During M phase chromosome compaction, the 30 nm chromatin fiber is initially formed by the electrostatic forces between neighboring nucleosomes. Under intracellular stochastic energy excitation, electric dipolar oscillation would be generated between neighboring nucleosomes. After oscillation synchronization and coupling, regulated electric oscillation is generated along the 30 nm chromatin fiber, and the oscillation coupling process further compacts that fiber [1214, 41]. This facilitates further packing into the 300 nm fiber; the electric field bends according to the physical curvature of the compacting 30 nm fiber, generating an oscillating electromagnetic field that goes through the 300 nm chromatin fiber. After the second round of oscillation synchronization and coupling, the 300 nm fiber becomes compacted and coiled into the 250 nm chromatin fiber, along which the third order of electromagnetic field is generated; this round of oscillation coupling and clustering facilitates the packing of the 250 nm chromatin fiber into the 700 nm chromosome arms. The coiling electromagnetic field of the 250 nm chromatin fiber generates the electromagnetic field of a chromosome arm [42, 43] (Figure 3). We speculate that the source of the dipolar electric oscillation between neighboring nucleosomes is the variety of intracellular entropic forces, and the direction of oscillation primarily depends on the zigzag arrangement of neighboring nucleosomes along the 30 nm chromatin fiber. Each of the M phase chromosomal arms can be viewed as a partially synchronized oscillation cluster. Under intracellular energy excitation, partially synchronized electric fields can be generated for each chromosomal arm, and these orient the dynamics of the chromosome when they interact with the electric field generated by the spindle microtubules.

Figure 3
figure 3

(a) The small red arrows indicate the electric oscillations generated between the neighboring histone octamers by excitation of entropic energy within the cell nucleus. The big red arrow represents the electric field generated by the electric oscillation along the 30 nm chromatin fiber. (b-d) Schematic illustration of several orders of oscillation coupling and clustering of EMFs in chromatin fibers, which facilitate the multi-step event of M phase chromosome packaging. The red and orange arrows indicate the multiple orders of EMFs generated during chromosome packaging. (e) The purple arrows indicate the EMFs of compacted M phase chromosome arms; the purple cycles indicate coupling of EMFs. The duplicated chromosome arms hold a juxtaposed position.

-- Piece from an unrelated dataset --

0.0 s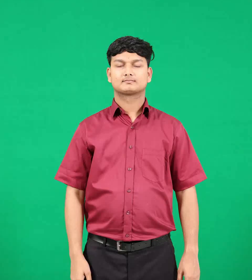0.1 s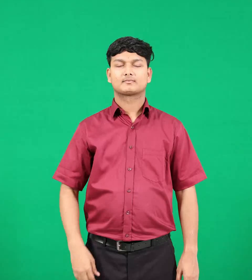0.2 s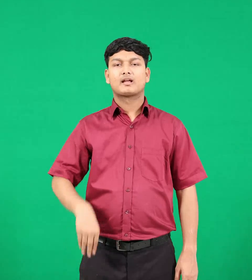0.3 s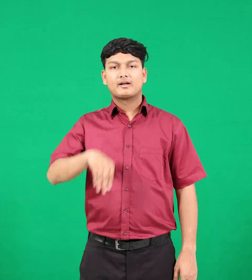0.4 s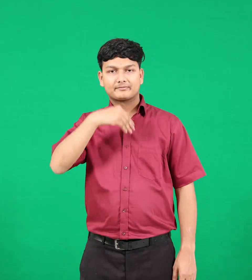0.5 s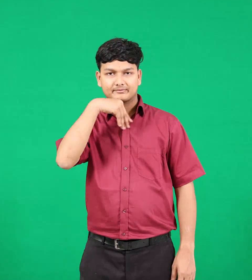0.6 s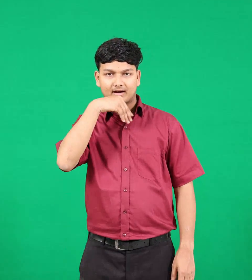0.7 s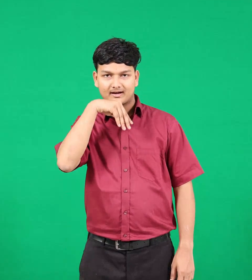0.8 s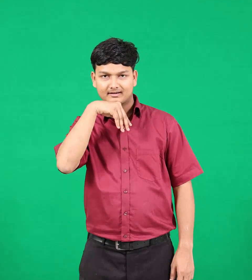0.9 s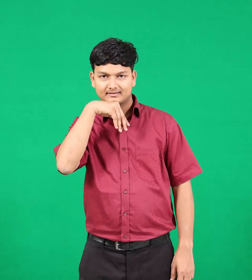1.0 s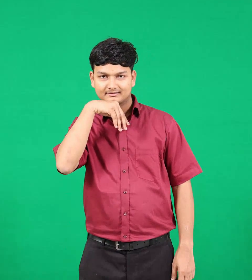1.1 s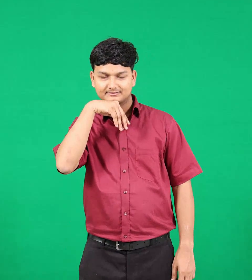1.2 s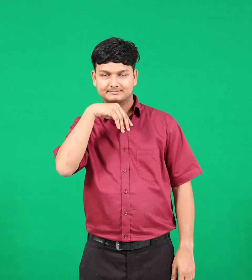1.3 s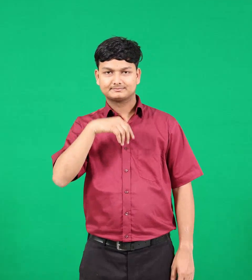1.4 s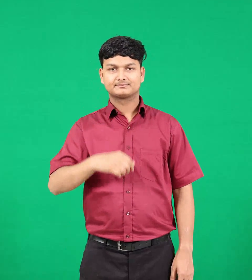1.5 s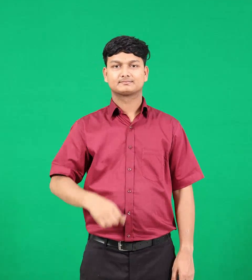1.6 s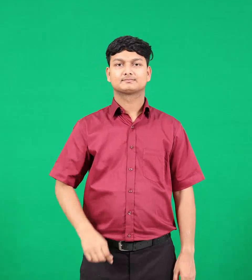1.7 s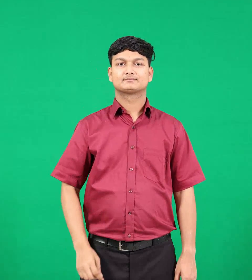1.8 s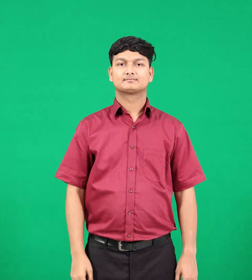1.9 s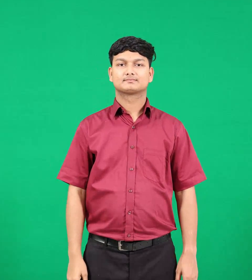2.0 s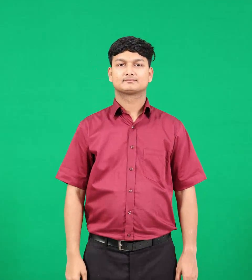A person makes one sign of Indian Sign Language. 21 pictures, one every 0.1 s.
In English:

Theoretically, the oscillation clustering model explains the closely juxtaposed configuration of duplicated chromosomes during M phase, which is counter-intuitive from the perspective of electrostatic repulsion between duplicated chromosome arms. As the homologous chromosomal regions develop synchronized oscillation clusters with identical natural frequencies, they tend to cluster together. The same scenario could apply to synapsis during meiosis; the electric oscillations of homologous chromosomes couple with each other, preventing synapsis between non-homologous chromosomes.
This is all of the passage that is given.